To put it in perspective, I use levo-carbidopa occasionally without augmentation, one (rarely two pills) at most 2 nights in a row - rarely 3 in a row but then I stay off it for three nights.

[konaPel]

Thanks for the info about replying. It was good that you explained that people are more likely to augment on levo-carbidopa. I definitely won't use it daily. I plan on using it only if in the middle of the night I feel that tightening for diagnosis purposes only.

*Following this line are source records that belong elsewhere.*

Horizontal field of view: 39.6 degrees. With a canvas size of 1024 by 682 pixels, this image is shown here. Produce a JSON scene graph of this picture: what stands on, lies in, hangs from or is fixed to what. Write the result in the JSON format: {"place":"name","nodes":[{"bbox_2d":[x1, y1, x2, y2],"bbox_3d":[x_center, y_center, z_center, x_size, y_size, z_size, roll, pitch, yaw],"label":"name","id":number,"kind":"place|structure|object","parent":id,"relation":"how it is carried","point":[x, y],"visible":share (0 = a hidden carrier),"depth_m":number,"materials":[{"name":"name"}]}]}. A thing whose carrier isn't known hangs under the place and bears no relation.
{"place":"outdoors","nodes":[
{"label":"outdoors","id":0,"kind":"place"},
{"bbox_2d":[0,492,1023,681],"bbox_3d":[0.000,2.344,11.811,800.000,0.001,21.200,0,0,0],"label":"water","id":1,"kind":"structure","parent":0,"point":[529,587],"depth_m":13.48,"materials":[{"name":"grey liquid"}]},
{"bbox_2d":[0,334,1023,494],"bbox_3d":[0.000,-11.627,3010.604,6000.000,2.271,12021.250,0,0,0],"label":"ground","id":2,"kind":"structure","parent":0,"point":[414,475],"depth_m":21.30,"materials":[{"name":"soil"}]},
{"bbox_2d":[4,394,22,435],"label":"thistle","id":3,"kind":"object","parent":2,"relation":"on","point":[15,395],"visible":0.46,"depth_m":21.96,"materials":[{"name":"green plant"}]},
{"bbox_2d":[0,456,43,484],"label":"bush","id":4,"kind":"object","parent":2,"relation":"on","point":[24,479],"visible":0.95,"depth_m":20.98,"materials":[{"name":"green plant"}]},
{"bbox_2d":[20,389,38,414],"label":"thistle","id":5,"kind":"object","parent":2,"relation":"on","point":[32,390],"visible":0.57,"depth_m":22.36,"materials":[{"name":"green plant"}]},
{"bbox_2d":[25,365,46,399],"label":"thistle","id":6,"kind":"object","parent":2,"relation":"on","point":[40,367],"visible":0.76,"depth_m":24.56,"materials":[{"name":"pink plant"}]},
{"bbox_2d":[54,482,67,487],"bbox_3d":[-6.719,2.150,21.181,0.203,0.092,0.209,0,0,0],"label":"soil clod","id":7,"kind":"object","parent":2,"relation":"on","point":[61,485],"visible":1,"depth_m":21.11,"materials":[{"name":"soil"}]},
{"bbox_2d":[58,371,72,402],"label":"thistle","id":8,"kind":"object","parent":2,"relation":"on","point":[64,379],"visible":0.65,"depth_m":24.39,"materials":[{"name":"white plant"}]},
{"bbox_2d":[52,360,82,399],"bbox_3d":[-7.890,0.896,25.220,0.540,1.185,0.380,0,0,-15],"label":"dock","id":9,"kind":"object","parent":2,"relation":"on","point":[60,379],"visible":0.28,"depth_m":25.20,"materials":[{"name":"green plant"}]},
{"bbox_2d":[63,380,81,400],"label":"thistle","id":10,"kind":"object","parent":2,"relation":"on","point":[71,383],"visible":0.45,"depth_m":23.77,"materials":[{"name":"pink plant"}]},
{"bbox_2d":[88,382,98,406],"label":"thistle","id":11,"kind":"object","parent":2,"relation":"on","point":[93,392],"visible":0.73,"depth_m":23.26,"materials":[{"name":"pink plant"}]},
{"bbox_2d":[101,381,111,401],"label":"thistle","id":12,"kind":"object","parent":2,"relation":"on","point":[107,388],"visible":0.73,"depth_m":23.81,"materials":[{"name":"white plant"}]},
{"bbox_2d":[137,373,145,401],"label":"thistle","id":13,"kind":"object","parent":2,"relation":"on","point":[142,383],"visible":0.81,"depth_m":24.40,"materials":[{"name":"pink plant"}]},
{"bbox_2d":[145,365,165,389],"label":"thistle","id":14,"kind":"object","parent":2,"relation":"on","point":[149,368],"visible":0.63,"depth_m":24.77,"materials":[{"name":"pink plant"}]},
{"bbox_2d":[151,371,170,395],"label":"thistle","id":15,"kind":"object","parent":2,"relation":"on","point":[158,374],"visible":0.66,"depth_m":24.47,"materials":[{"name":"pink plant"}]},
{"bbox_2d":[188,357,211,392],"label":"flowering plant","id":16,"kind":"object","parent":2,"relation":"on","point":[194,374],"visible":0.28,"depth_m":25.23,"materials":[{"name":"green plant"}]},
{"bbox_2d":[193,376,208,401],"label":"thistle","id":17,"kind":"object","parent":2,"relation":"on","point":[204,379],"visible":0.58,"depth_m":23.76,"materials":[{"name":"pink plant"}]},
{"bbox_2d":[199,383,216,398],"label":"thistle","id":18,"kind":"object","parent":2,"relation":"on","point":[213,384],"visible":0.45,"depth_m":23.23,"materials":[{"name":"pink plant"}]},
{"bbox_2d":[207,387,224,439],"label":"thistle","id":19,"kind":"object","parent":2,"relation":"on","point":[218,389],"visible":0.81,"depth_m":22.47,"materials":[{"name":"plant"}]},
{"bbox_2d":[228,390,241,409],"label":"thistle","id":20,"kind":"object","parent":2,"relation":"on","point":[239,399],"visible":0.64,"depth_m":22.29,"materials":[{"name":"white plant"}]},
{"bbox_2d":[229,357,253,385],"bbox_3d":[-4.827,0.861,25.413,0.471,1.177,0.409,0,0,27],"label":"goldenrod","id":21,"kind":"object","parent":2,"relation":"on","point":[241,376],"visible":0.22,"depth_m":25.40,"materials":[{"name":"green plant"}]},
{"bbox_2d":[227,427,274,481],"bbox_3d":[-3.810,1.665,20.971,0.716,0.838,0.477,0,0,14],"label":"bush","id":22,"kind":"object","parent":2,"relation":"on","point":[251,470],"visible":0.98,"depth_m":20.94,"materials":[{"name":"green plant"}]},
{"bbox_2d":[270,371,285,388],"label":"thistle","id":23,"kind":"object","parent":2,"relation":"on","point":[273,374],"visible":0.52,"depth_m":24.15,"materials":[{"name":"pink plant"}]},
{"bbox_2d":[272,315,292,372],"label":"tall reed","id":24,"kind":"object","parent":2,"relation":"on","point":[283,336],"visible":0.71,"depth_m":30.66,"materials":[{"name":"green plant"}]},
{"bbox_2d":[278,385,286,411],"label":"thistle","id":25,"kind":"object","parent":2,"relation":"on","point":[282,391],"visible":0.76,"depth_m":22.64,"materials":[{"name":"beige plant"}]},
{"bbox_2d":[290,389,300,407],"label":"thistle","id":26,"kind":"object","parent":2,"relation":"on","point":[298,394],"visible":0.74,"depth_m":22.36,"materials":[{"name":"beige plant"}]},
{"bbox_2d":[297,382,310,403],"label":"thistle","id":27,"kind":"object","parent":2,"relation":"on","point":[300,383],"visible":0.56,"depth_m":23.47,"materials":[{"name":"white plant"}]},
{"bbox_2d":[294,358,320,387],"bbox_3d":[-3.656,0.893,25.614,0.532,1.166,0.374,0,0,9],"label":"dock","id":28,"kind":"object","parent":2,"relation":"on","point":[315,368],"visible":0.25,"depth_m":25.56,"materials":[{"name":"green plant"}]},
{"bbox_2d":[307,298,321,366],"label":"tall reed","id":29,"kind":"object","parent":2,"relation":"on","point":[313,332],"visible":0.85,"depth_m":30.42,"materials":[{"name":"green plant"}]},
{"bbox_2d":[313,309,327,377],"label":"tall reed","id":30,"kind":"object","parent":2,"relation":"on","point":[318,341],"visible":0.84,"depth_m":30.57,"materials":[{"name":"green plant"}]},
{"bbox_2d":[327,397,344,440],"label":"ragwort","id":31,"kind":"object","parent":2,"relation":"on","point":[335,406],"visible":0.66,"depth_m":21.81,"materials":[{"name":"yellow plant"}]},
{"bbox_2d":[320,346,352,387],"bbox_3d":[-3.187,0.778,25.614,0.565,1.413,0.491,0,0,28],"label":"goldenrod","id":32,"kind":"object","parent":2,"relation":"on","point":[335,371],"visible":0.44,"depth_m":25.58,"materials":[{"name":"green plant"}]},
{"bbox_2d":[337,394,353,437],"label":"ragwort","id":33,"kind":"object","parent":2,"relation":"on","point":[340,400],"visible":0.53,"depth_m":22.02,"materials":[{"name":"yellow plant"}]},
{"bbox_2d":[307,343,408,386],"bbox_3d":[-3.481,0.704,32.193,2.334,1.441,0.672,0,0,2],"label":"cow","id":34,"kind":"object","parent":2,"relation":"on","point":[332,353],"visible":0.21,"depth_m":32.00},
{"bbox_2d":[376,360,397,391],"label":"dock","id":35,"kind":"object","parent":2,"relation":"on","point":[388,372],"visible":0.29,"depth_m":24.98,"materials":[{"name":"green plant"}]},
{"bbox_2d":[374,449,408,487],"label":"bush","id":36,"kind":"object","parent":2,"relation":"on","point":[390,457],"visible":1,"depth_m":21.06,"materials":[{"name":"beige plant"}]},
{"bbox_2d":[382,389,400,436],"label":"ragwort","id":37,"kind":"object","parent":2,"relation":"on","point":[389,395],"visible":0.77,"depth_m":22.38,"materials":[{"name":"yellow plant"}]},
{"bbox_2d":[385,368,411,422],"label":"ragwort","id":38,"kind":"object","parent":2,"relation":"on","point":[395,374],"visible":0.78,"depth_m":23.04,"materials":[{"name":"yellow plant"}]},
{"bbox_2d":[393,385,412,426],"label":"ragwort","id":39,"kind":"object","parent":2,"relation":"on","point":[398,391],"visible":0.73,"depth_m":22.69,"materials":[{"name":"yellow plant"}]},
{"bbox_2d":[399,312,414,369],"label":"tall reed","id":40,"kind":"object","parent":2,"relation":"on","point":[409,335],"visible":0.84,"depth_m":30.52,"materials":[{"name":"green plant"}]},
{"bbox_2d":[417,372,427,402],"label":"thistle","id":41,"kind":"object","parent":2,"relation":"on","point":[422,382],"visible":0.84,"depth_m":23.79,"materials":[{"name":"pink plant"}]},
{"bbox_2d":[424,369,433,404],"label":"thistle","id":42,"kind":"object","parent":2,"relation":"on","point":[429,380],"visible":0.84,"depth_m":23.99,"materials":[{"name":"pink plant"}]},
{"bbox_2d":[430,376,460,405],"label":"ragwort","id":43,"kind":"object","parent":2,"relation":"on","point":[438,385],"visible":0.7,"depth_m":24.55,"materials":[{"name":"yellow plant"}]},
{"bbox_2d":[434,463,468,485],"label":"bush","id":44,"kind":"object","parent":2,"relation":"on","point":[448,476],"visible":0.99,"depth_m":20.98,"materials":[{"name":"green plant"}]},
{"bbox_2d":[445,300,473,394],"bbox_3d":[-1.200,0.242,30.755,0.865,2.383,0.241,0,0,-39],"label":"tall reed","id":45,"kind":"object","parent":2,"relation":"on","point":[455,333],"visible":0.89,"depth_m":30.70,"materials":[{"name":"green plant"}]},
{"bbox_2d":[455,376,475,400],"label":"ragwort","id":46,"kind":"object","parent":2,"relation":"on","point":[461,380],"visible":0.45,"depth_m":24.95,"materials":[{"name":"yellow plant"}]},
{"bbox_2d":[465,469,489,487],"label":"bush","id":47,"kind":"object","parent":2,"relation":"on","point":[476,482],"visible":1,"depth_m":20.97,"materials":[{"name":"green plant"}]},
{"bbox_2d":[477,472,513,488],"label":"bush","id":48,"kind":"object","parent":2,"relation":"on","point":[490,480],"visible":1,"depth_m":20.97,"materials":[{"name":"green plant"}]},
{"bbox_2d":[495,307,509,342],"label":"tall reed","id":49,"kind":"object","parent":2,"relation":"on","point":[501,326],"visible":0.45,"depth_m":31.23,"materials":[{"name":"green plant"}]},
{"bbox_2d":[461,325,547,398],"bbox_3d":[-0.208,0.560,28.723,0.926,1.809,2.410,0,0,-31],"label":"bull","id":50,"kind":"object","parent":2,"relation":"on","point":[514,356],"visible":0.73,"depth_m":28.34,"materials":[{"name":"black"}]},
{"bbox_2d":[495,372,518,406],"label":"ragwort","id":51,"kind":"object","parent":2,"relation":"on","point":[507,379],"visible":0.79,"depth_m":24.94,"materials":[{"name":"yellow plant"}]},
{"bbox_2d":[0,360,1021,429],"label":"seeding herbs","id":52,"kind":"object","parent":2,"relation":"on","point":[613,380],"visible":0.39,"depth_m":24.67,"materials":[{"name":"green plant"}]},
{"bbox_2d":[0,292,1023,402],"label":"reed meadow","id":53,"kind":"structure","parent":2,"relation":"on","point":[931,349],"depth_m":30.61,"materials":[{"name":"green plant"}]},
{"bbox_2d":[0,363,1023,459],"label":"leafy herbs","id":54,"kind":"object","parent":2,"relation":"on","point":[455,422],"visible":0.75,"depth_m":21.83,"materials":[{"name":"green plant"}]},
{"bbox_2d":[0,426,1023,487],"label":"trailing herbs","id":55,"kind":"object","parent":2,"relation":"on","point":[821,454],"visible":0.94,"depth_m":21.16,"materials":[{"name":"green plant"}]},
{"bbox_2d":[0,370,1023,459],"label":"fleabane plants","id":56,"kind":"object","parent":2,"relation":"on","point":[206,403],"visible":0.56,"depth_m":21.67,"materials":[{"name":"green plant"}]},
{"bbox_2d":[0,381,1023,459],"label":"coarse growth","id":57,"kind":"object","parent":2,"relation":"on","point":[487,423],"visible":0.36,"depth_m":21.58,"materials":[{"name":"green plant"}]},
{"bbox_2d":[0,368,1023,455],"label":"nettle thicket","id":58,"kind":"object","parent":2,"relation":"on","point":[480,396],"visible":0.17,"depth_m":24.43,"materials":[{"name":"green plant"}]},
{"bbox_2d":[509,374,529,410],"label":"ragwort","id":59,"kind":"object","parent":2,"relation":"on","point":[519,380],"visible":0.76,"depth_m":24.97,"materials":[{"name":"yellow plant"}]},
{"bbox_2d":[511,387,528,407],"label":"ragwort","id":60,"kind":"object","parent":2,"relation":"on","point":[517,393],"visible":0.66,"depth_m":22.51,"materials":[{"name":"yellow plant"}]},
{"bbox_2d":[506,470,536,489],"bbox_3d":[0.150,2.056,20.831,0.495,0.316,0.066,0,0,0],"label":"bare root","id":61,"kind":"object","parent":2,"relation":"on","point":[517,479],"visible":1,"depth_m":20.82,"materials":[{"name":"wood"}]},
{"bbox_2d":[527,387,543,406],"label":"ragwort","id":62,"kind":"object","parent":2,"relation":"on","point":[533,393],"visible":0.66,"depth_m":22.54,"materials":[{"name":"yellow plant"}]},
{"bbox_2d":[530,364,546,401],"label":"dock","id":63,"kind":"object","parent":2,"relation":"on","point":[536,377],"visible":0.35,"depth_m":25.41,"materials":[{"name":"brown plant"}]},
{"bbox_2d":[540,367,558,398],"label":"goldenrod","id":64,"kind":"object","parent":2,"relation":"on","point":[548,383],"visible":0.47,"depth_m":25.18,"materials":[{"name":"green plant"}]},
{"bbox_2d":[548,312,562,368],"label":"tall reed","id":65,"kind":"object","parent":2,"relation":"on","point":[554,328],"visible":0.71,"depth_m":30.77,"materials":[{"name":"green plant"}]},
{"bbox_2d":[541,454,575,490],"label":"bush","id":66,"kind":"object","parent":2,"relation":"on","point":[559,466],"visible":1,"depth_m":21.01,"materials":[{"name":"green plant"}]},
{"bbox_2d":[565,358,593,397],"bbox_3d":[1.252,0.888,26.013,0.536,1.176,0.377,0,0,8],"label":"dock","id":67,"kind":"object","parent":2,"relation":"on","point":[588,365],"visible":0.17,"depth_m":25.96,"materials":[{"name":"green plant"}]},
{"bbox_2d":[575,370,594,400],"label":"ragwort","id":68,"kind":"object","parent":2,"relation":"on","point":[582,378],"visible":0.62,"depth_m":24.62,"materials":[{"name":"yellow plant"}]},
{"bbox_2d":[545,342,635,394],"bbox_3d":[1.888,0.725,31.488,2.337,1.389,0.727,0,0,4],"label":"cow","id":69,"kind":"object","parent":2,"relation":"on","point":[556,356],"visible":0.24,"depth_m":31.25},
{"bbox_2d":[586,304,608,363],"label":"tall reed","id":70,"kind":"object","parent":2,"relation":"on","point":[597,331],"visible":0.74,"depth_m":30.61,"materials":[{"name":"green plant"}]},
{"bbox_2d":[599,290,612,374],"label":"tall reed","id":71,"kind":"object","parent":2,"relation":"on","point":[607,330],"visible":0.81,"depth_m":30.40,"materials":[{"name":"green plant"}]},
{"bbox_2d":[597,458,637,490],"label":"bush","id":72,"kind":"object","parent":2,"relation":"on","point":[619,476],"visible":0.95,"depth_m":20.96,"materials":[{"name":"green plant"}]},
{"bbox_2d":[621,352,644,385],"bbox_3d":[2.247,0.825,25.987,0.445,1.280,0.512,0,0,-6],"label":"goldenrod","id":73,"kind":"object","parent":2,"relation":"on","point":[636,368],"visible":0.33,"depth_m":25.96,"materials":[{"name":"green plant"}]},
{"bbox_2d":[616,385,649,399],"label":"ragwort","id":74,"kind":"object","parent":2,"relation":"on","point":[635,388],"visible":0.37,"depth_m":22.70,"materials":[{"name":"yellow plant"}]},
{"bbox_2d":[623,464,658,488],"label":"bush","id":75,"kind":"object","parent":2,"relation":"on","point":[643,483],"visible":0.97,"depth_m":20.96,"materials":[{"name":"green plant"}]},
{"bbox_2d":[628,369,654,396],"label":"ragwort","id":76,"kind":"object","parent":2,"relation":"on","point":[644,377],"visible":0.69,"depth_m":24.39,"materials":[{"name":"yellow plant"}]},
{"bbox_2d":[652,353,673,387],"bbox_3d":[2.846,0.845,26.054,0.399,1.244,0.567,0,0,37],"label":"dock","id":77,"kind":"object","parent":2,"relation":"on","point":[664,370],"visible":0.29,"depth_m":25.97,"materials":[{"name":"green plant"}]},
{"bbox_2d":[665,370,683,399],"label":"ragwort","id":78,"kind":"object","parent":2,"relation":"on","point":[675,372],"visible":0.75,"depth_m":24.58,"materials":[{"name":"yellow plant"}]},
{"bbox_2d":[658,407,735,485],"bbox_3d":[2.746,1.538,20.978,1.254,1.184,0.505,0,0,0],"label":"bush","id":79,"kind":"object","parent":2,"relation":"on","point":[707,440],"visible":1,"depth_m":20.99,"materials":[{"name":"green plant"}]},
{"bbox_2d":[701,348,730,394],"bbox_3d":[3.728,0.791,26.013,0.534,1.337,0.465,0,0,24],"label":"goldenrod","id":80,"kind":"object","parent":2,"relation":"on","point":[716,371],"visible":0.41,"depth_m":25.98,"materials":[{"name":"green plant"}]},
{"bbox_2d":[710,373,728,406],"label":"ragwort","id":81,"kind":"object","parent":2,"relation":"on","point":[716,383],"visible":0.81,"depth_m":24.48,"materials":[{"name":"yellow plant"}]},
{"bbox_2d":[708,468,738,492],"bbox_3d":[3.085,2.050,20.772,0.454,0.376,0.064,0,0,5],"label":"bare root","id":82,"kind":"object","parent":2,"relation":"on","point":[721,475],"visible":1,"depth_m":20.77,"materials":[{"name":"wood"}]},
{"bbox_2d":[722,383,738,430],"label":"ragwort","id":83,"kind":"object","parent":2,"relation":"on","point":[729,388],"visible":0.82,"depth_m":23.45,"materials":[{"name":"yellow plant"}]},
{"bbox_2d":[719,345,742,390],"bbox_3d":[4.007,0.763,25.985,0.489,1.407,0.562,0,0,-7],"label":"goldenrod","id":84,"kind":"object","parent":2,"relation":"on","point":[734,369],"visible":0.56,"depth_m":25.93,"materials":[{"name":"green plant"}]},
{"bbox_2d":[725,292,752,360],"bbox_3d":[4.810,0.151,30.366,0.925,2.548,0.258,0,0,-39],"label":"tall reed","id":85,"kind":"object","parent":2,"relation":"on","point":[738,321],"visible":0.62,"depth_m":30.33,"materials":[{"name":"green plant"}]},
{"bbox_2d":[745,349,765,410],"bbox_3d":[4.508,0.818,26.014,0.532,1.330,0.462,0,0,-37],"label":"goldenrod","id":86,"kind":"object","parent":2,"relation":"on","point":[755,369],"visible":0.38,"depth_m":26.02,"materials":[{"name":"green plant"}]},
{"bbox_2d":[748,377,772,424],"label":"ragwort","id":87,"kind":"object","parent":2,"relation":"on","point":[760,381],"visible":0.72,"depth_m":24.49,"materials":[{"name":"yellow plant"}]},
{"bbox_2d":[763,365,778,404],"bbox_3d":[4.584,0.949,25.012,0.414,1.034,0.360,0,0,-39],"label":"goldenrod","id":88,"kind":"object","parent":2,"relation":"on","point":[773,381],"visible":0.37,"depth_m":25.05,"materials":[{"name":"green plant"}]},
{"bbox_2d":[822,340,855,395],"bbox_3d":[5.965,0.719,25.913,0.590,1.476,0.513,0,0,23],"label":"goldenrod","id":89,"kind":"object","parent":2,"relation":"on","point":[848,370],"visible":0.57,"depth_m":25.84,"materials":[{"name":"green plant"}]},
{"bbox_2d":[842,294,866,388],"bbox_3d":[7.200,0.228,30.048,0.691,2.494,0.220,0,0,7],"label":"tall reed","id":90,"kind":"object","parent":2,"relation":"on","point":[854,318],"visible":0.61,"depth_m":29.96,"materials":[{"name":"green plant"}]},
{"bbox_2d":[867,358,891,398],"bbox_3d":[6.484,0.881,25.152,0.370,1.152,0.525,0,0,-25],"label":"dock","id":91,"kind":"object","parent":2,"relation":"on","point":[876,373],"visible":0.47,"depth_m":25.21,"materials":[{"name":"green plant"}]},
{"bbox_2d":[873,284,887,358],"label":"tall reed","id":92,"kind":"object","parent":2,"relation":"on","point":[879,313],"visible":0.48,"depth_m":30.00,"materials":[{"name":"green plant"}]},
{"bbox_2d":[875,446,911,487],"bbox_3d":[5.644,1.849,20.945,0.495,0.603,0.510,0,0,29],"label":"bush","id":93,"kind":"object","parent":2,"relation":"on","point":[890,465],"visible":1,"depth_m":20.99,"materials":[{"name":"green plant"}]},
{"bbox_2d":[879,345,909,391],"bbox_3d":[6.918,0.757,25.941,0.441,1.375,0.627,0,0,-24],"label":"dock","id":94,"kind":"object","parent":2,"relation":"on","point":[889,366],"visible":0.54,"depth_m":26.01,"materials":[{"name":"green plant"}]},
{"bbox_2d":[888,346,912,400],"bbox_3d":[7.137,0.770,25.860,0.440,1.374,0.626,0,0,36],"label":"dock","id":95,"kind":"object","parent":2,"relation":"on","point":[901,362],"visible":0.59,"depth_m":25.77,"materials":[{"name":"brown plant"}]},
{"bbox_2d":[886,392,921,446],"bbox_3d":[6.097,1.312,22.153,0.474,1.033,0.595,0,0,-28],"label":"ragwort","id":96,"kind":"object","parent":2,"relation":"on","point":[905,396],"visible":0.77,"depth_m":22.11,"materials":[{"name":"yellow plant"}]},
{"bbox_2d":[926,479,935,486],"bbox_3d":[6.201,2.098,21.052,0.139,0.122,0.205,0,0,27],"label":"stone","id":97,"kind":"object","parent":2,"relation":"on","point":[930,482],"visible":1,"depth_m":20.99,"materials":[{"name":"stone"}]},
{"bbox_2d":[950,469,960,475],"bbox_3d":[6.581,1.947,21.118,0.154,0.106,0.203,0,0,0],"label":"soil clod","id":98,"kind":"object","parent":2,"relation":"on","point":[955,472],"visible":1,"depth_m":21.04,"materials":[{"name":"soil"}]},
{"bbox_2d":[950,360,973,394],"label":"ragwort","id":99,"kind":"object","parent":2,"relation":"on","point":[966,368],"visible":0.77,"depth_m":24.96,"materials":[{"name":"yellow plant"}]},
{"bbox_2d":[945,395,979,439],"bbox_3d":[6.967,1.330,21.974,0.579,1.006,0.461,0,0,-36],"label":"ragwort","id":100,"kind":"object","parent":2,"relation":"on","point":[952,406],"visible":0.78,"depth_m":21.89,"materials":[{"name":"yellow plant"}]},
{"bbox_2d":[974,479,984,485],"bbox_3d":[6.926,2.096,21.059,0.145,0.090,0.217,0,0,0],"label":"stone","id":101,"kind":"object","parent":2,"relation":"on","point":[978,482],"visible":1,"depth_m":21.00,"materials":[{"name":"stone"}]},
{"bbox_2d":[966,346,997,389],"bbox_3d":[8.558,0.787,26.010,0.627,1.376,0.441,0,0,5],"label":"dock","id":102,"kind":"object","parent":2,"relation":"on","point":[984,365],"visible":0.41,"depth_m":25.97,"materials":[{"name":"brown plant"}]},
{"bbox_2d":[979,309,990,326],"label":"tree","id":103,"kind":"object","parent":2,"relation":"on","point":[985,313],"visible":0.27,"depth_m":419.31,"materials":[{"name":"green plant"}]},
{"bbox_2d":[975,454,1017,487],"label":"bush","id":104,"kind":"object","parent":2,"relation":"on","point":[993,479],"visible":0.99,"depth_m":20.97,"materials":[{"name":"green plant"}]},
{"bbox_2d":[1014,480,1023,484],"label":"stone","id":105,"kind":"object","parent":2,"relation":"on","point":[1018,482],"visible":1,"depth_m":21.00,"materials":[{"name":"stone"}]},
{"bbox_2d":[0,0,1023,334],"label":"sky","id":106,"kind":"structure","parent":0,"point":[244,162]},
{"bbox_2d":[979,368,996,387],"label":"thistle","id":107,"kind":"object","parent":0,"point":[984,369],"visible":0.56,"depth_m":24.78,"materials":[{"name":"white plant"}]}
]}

I won't even use it 2 nights in a row. I probably will only take 2 pills at most. After trying it out twice I will have my answer if the tightening goes away or not.
I'm not going to use even if what I know to be RLS feelings are happening. That I will try to get some help with by raising my ferritin levels.

Thanks again.

[konaPel]

You can click on the big "Post Reply" button (left side above and below all the posts in a Topic) - that will open a box without a quote in it. You can type directly into that box. Notice there are buttons above the box for formatting; to quote part of someone's reply, you can copy and paste that part into the box, then select what you pasted and click on the "Quote" button.

I also will ask my doctor for prescription to Levo-carbidopa. As you explained I feel better about trying that in the middle of the night when I am actually experiencing the tightening in calf. I can also take it if I am experiencing RLS in my arms or legs as well. I know the fast augmentation is rare but enough to scare me from trying the Mirapex.

That's a good idea, but I will re-iterate, since I don't think I was clear, that people with WED/RLS are even more likely to augment on levo-carbidopa than Mirapex or Requip - if it is used daily. The benefits for a diagnostic test are, as you said, the immediate effect. If it works, then as soon as you're sure it works, either stop taking it and look for a better solution (iron infusion, occasional-use opioid (haha no one would give you that, but it would work), or if ferritin levels have been raised, Mirapex or Requip) , or if you weren't taking it daily, consider keeping it for occasional use. There has not been much work done that I'm aware of on risk of augmentation if it's used every day vs every 2nd day vs 3 days a week, nor for high vs low dose on the days that it's used when it is used occasionally. So we don't really know what the danger is.

To put it in perspective, I use levo-carbidopa occasionally without augmentation, one (rarely two pills) at most 2 nights in a row - rarely 3 in a row but then I stay off it for three nights.

“bad nights” I just wanted to run something by you. I received my paperwork in the mail from RLS and I also saw on website about the 5 criteria for having WED/RLS. When I am experiencing this tightness in my left calf it does not make me need to get out of bed to move leg or make me have those jumpy feelings. So I am now not going to take any drugs to diagnose if it’s RLS. I still will continue to take my iron and see my doctor and see for bloodwork to see if ferritin is raising and also a referral to a neurologist. But I think I can eliminate the need to take mirapex or levo-carbidopa. I will be seeing my chiropractor first and then go back to physio. I believe something with my feet or back is causing the tightness. Do you agree as well that if feelings aren’t making me have to get up to move then it’s not RLS? Thanks.